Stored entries
★ ★ ★ ★ ★ ★ ★
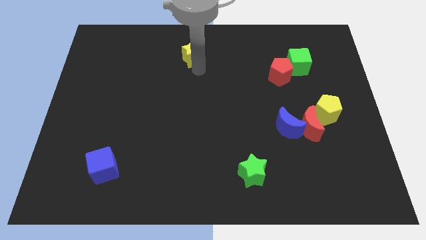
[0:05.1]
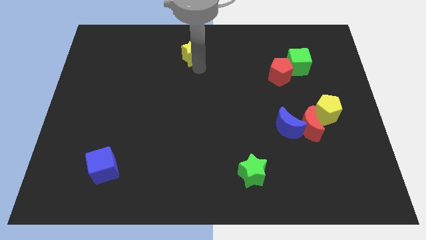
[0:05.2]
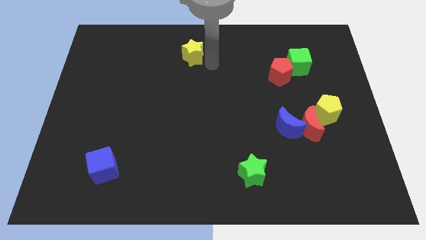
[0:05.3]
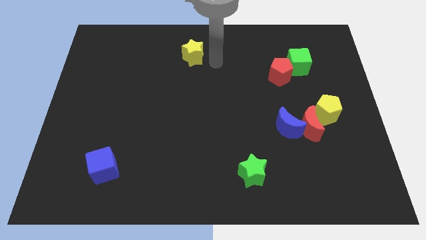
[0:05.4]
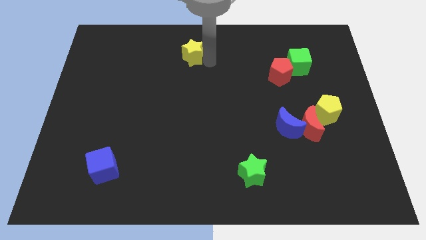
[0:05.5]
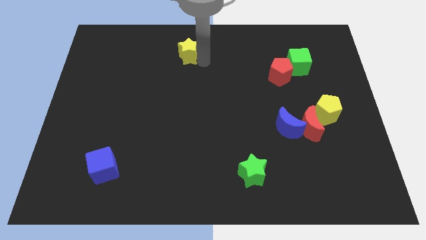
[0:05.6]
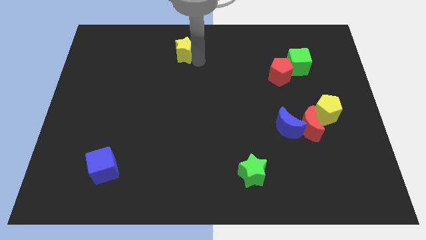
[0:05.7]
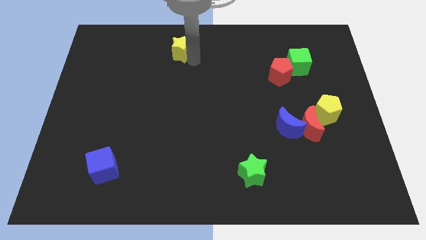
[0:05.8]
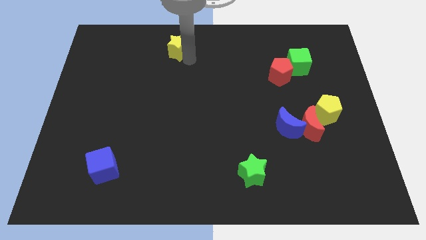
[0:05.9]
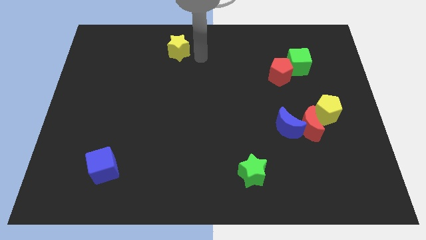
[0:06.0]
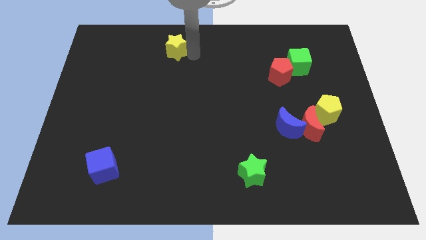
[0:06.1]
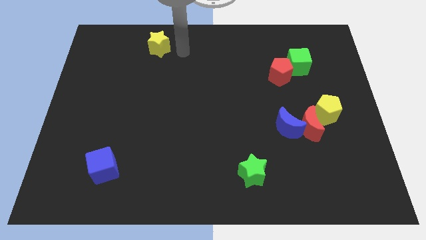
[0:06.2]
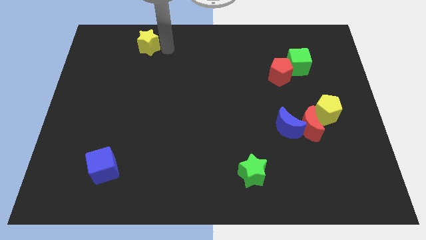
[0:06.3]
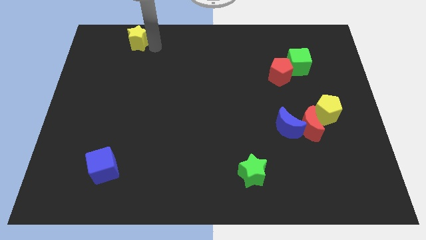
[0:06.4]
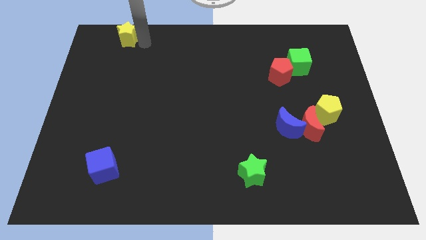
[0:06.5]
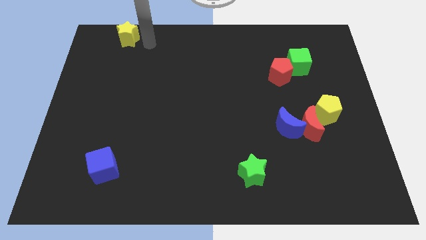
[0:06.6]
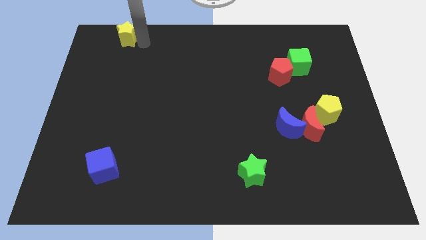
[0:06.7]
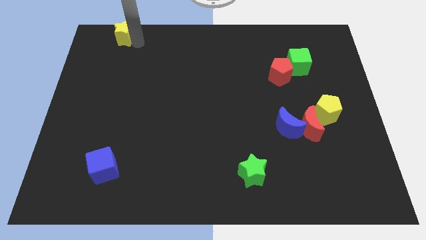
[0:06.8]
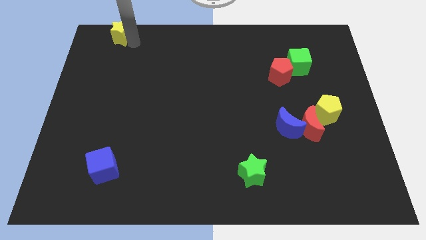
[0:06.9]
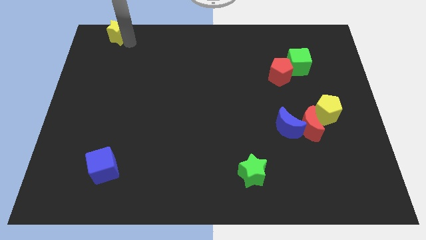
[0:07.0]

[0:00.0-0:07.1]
★ ★ ★ ★ ★ ★ ★
Restate the data above word for word, omitting every picture.

→ **YOUR SOLUTION**
[0:05.1]
[0:05.2]
[0:05.3]
[0:05.4]
[0:05.5]
[0:05.6]
[0:05.7]
[0:05.8]
[0:05.9]
[0:06.0]
[0:06.1]
[0:06.2]
[0:06.3]
[0:06.4]
[0:06.5]
[0:06.6]
[0:06.7]
[0:06.8]
[0:06.9]
[0:07.0]

[0:00.0-0:07.1]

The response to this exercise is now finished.